Exploring the old town
Back in the commercial district, I headed for a restaurant called Firuze for dinner. It seemed similar in style and food as the excellent Nargiz restaurant where I ate the day before, and had similarly good ratings.
Although the food was decent enough, it was a few steps down in quality compared to Nargiz. There was hardly any meat on the bones in my traditional Azeri soup and the dolma (stuffed grape leaves) were very dry. The Azerbaijani beer was however tasty and I couldn’t fault the attentive service at the restaurant.
The meal at Firuze concluded my stay in Baku as I had to go to the train station for my overnight train to Sheki.

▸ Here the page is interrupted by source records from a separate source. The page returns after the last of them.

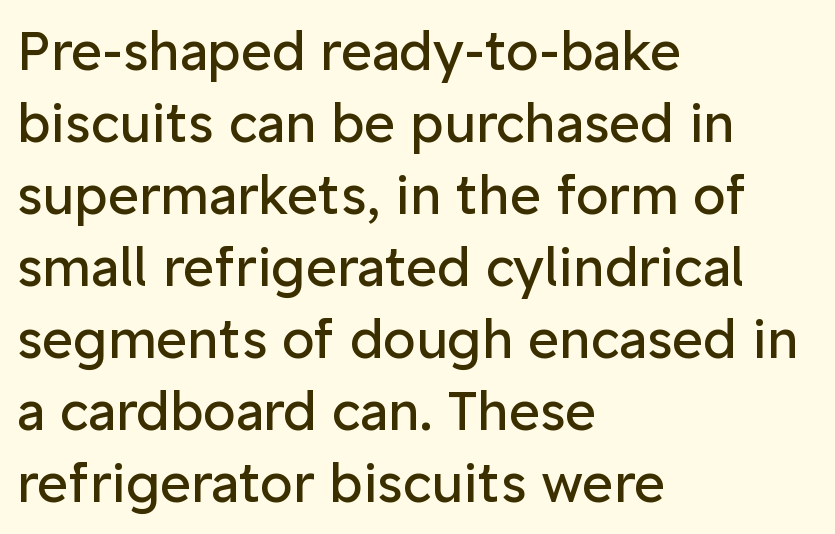
Q: Is the text bold? A: No.
Q: Is the text italic (slanted)? A: No, it is upright.
Q: Is the typeface a serif or a sans-serif typeface? A: Sans-serif.
Q: Is the text underlined? A: No.
Q: How is the paragraph aligned? A: Left-aligned.
Q: Is the spacing between letters normal or unusually wide? A: Normal.
Q: Is the spacing between lines tight, normal or loose? A: Normal.
Q: Width (condensed, normal, or wide)? A: Normal.
Q: Stroke contrast? A: Low.
Q: x-height? A: Medium.
Q: Monospaced? A: No.

Despite having a seemingly worse climate than London and the fact that I haven’t seen so much rain since visiting India during monsoon season, Baku pleasantly surprised me as a city. Baku has such an intriguing mix between different architectural styles, having been at the crossroads of so many great empires.
You can easily see the many influences which made Baku into the city it is today. Turkic, Persian, the Russian Tsars followed by Soviet communism, and then there is the modern-day oil boom and some new construction projects which wouldn’t look out of place in Dubai. Baku has tons of history but at the same time is a highly modern, thriving city.
With a good public transport network, clean and safe streets, great food and affordable prices (except for accommodation) it makes for a fun city trip and a great base to start any itinerary across Azerbaijan or the wider Caucasus.
To me, it is one of the cities which do not only have a handful of interesting and cool sights to see, but which also has its own unique vibe. I would love to come back one day in spring or autumn when the weather is hopefully a bit less rainy!